■ **Exercise**
Copy out the entries below exactly as they stand, but only from the line containing "#22795=VECTOR('',#22794,11.358);" through the line containing "#22805=CARTESIAN_POINT('',(287.491,0.,-595.3));".

■ **Data records**
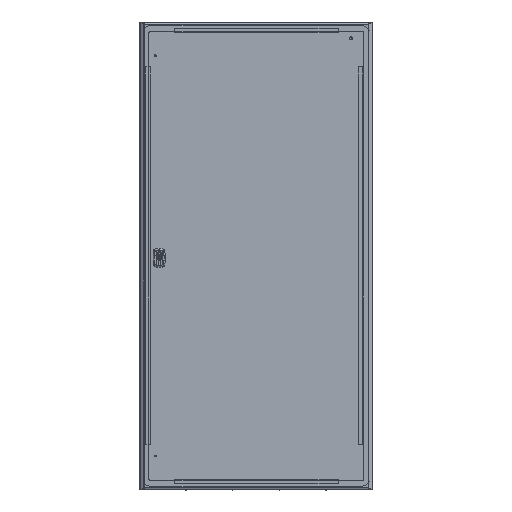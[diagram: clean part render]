
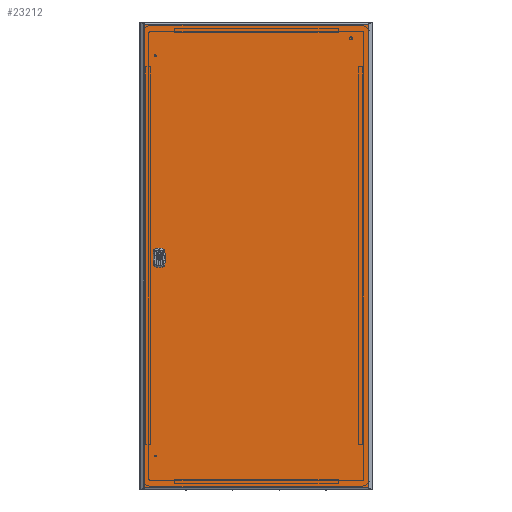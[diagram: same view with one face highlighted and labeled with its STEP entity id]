
A CAD part, top view. The second image highlights one B-rep face of the part: STEP entity #23212.
In plain terms, the highlighted face is planar.
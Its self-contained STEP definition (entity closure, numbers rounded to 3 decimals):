
#20944=DIRECTION('',(0.,0.,1.));
#20945=VECTOR('',#20944,1190.6);
#20946=CARTESIAN_POINT('',(-287.491,0.,-595.3));
#20947=LINE('',#20946,#20945);
#20978=DIRECTION('',(1.,0.,0.));
#20979=VECTOR('',#20978,574.982);
#20980=CARTESIAN_POINT('',(-287.491,0.,595.3));
#20981=LINE('',#20980,#20979);
#21453=DIRECTION('',(0.,0.,-1.));
#21454=VECTOR('',#21453,1190.6);
#21455=CARTESIAN_POINT('',(287.491,0.,595.3));
#21456=LINE('',#21455,#21454);
#21816=DIRECTION('',(-1.,0.,0.));
#21817=VECTOR('',#21816,574.982);
#21818=CARTESIAN_POINT('',(287.491,0.,-595.3));
#21819=LINE('',#21818,#21817);
#22759=CARTESIAN_POINT('',(-258.5,0.005,-5.679));
#22760=CARTESIAN_POINT('',(-257.896,0.005,-6.72));
#22761=CARTESIAN_POINT('',(-256.471,0.012,
-8.533));
#22762=CARTESIAN_POINT('',(-253.563,0.009,
-10.52));
#22763=CARTESIAN_POINT('',(-250.239,0.01,
-11.542));
#22764=CARTESIAN_POINT('',(-246.761,0.01,
-11.542));
#22765=CARTESIAN_POINT('',(-243.437,0.009,
-10.52));
#22766=CARTESIAN_POINT('',(-240.529,0.012,
-8.533));
#22767=CARTESIAN_POINT('',(-239.104,0.005,-6.72));
#22768=CARTESIAN_POINT('',(-238.5,0.005,-5.679));
#22773=DIRECTION('',(0.,0.,-1.));
#22774=VECTOR('',#22773,11.358);
#22775=CARTESIAN_POINT('',(-258.5,0.005,5.679));
#22776=LINE('',#22775,#22774);
#22780=CARTESIAN_POINT('',(-238.5,0.005,5.679));
#22781=CARTESIAN_POINT('',(-239.104,0.005,6.72));
#22782=CARTESIAN_POINT('',(-240.529,0.012,
8.533));
#22783=CARTESIAN_POINT('',(-243.437,0.009,
10.52));
#22784=CARTESIAN_POINT('',(-246.761,0.01,
11.542));
#22785=CARTESIAN_POINT('',(-250.239,0.01,
11.542));
#22786=CARTESIAN_POINT('',(-253.563,0.009,
10.52));
#22787=CARTESIAN_POINT('',(-256.471,0.012,
8.533));
#22788=CARTESIAN_POINT('',(-257.896,0.005,6.72));
#22789=CARTESIAN_POINT('',(-258.5,0.005,5.679));
#22794=DIRECTION('',(0.,0.,1.));
#22795=VECTOR('',#22794,11.358);
#22796=CARTESIAN_POINT('',(-238.5,0.005,-5.679));
#22797=LINE('',#22796,#22795);
#22801=CARTESIAN_POINT('',(-287.491,0.,-595.3));
#22802=CARTESIAN_POINT('',(-287.491,0.,595.3));
#22803=VERTEX_POINT('',#22801);
#22804=VERTEX_POINT('',#22802);
#22805=CARTESIAN_POINT('',(287.491,0.,-595.3));
#22806=VERTEX_POINT('',#22805);
#22807=CARTESIAN_POINT('',(287.491,0.,595.3));
#22808=VERTEX_POINT('',#22807);
#23035=CARTESIAN_POINT('',(-238.5,0.005,-5.679));
#23036=CARTESIAN_POINT('',(-238.5,0.005,5.679));
#23037=VERTEX_POINT('',#23035);
#23038=VERTEX_POINT('',#23036);
#23039=VERTEX_POINT('',#22789);
#23040=CARTESIAN_POINT('',(-258.5,0.005,-5.679));
#23041=VERTEX_POINT('',#23040);
#23188=CARTESIAN_POINT('',(-248.5,0.,0.));
#23189=DIRECTION('',(0.,1.,0.));
#23190=DIRECTION('',(0.,0.,1.));
#23191=AXIS2_PLACEMENT_3D('',#23188,#23189,#23190);
#23192=PLANE('',#23191);
#23193=ORIENTED_EDGE('',*,*,#23171,.T.);
#23195=ORIENTED_EDGE('',*,*,#23194,.T.);
#23197=ORIENTED_EDGE('',*,*,#23196,.T.);
#23199=ORIENTED_EDGE('',*,*,#23198,.T.);
#23200=EDGE_LOOP('',(#23193,#23195,#23197,#23199));
#23201=FACE_OUTER_BOUND('',#23200,.F.);
#23203=ORIENTED_EDGE('',*,*,#23202,.T.);
#23205=ORIENTED_EDGE('',*,*,#23204,.T.);
#23207=ORIENTED_EDGE('',*,*,#23206,.T.);
#23209=ORIENTED_EDGE('',*,*,#23208,.T.);
#23210=EDGE_LOOP('',(#23203,#23205,#23207,#23209));
#23211=FACE_BOUND('',#23210,.F.);
#22769=B_SPLINE_CURVE_WITH_KNOTS('',3,(#22759,#22760,#22761,#22762,#22763,
#22764,#22765,#22766,#22767,#22768),.UNSPECIFIED.,.F.,.F.,(4,1,1,1,1,1,1,4),(
0.,0.143,0.286,0.429,0.571,
0.714,0.857,1.),.UNSPECIFIED.);
#22790=B_SPLINE_CURVE_WITH_KNOTS('',3,(#22780,#22781,#22782,#22783,#22784,
#22785,#22786,#22787,#22788,#22789),.UNSPECIFIED.,.F.,.F.,(4,1,1,1,1,1,1,4),(
0.,0.143,0.286,0.429,0.571,
0.714,0.857,1.),.UNSPECIFIED.);
#23171=EDGE_CURVE('',#22803,#22804,#20947,.T.);
#23194=EDGE_CURVE('',#22804,#22808,#20981,.T.);
#23196=EDGE_CURVE('',#22808,#22806,#21456,.T.);
#23198=EDGE_CURVE('',#22806,#22803,#21819,.T.);
#23202=EDGE_CURVE('',#23037,#23038,#22797,.T.);
#23204=EDGE_CURVE('',#23038,#23039,#22790,.T.);
#23206=EDGE_CURVE('',#23039,#23041,#22776,.T.);
#23208=EDGE_CURVE('',#23041,#23037,#22769,.T.);
#23212=ADVANCED_FACE('',(#23201,#23211),#23192,.F.);

■ **Answer section**
#22795=VECTOR('',#22794,11.358);
#22796=CARTESIAN_POINT('',(-238.5,0.005,-5.679));
#22797=LINE('',#22796,#22795);
#22801=CARTESIAN_POINT('',(-287.491,0.,-595.3));
#22802=CARTESIAN_POINT('',(-287.491,0.,595.3));
#22803=VERTEX_POINT('',#22801);
#22804=VERTEX_POINT('',#22802);
#22805=CARTESIAN_POINT('',(287.491,0.,-595.3));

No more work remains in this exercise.